Right now, MOOCs are great – take classes from an Ivy for free! – and problematic – sure, but the best you can do is a completion certificate. In other words, it’s not a degree program.
But what if you just need the knowledge, and the degree doesn’t matter? What if, in other words, you’re an apprentice?
I’m not trying to argue that this is THE solution to all our student debt and unemployment woes. I am saying that it’s an interesting potential contributor to a solution.
What do you think? Would you have skipped college to apprentice to your profession?
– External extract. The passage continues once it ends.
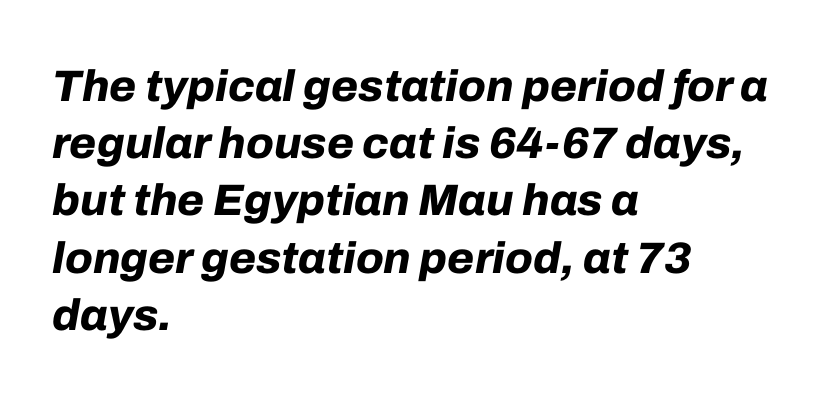
The passage shown stacks its lines at a standard gap. Varying glyph widths throughout — classic text-font behaviour. The horizontal fit of the characters is conventional and even. Decoration check: the copy has no underline. Bold? Absolutely — the strokes are thick and heavy. When letters slant like this, we call the style italic.
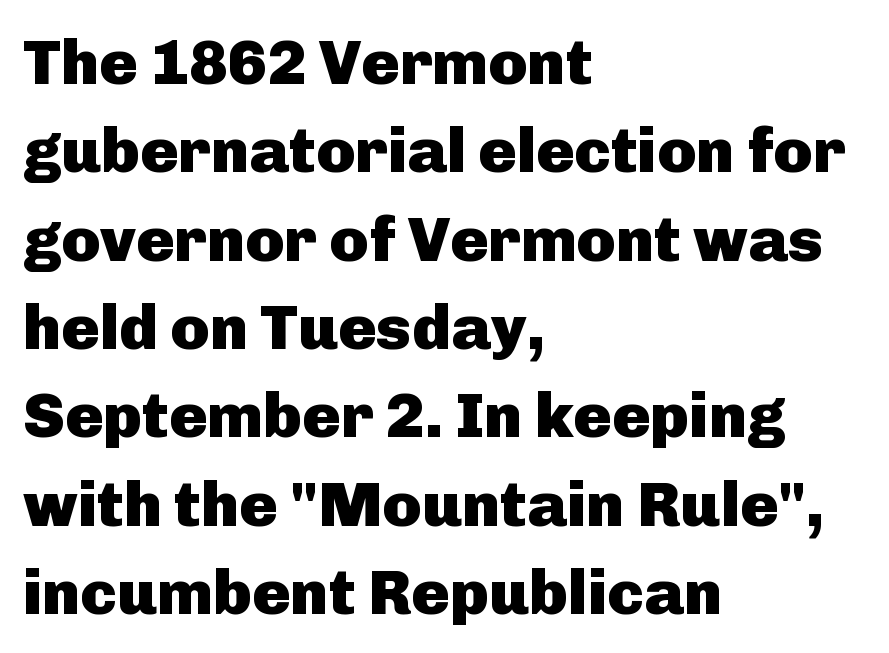
{"serif": "no", "italic": "no", "bold": "yes", "weight": "heavy", "width": "normal", "stroke_contrast": "low", "x_height": "medium", "monospaced": "no", "underline": "no", "align": "left", "line_spacing": "normal", "line_spacing_ratio": 1.38, "letter_spacing": "normal", "letter_spacing_em": 0.0, "glyph_px": 64}

Would you encourage your kids to consider it?
Image credit: Institute for the Future
Jeffrey Cufaude says:
Dan Pink made mention of this issue in his special New Year’s Day webinar, suggesting that a college degree as the sole (or primary) “signaling” devise of a person’s capabilities and knowledge was going to be further disrupted in the years ahead for many of the reasons you cited.
I think what we are going to increasingly see is the diversification of pathways for professional development and knowledge certification and more personal opportunities to pick and choose and combine and commit to meet whatever are needs and interests might be at the moment. This will be a real challenge TO some traditional institutions and the role they have played in the vocational marketplace and FOR traditional institutions who are not open to looking at a portfolio of apprenticeships, self-guided learning, association education, and typical academic coursework as a viable signal.
Shelly Alcorn, CAE says:
Elizabeth –
Great post. I just read a fascinating book called “Rethinking Education in the Age of Technology” and they took it one step further – that certification, levels or badging could be used in the K-12 system as well instead of arbitrary grade levels determined by birthdate. Those kids who can move faster, will. You get the certificate in algebra and you are done with it whether it takes you three months or three years. Those who choose not to pursue that certificate, can have their talents utilized on other types of work they are more suited for and more desirous of exploring. I’m not saying “grades” should be eliminated entirely, obviously there is a good case to be made that children need age appropriate socialization and shared maturity levels with their peers. But teachers might need to start getting used to the idea that kids in their classrooms are going to have tools now that accommodate individual learning in many different subjects at vastly different rates. That makes the job infinitely harder, but it seems like it might be even more rewarding.
I think there is much to be said for apprenticeship as a more intuitive way to learn. Most humans learn by doing. It’s one of the most effective ways we have to transmit information that can evolve into skills and knowledge. What is unnatural is the “factory” style education system that has evolved out of theories in the early 1900’s better suited to mass production than mass education. I’m not a K-12 hater, just someone who thinks things can and will be done differently in the future.
Associations will/should/can have an important role in determining what is useful in the workplace and what isn’t for their particular market segments. Associations have more opportunities than ever to engage directly in this evolution and provide value to future members but not if they miss this window. It won’t be open forever.
Shelly
Elizabeth Weaver Engel, CAE says:
Another education-related concept that has been fascinating me recently is “flipped learning.” It takes the traditional model of classroom lecture and practice work at home and flips it, so students view pre-recorded lecture modules at home and then do their practicing work in the classroom, where they have people nearby who can help them when they run into problems (aka “teachers,” rather than parents who may or may not be able to help them with their physics or calculus work at home). Shelly, it seems to me that flipped learning ties nicely with the badging/certificate concept you mention, and potentially moves us away from the factory model you mention and Michel Foucault discusses in Discipline and Punish that has been prevalent for so long.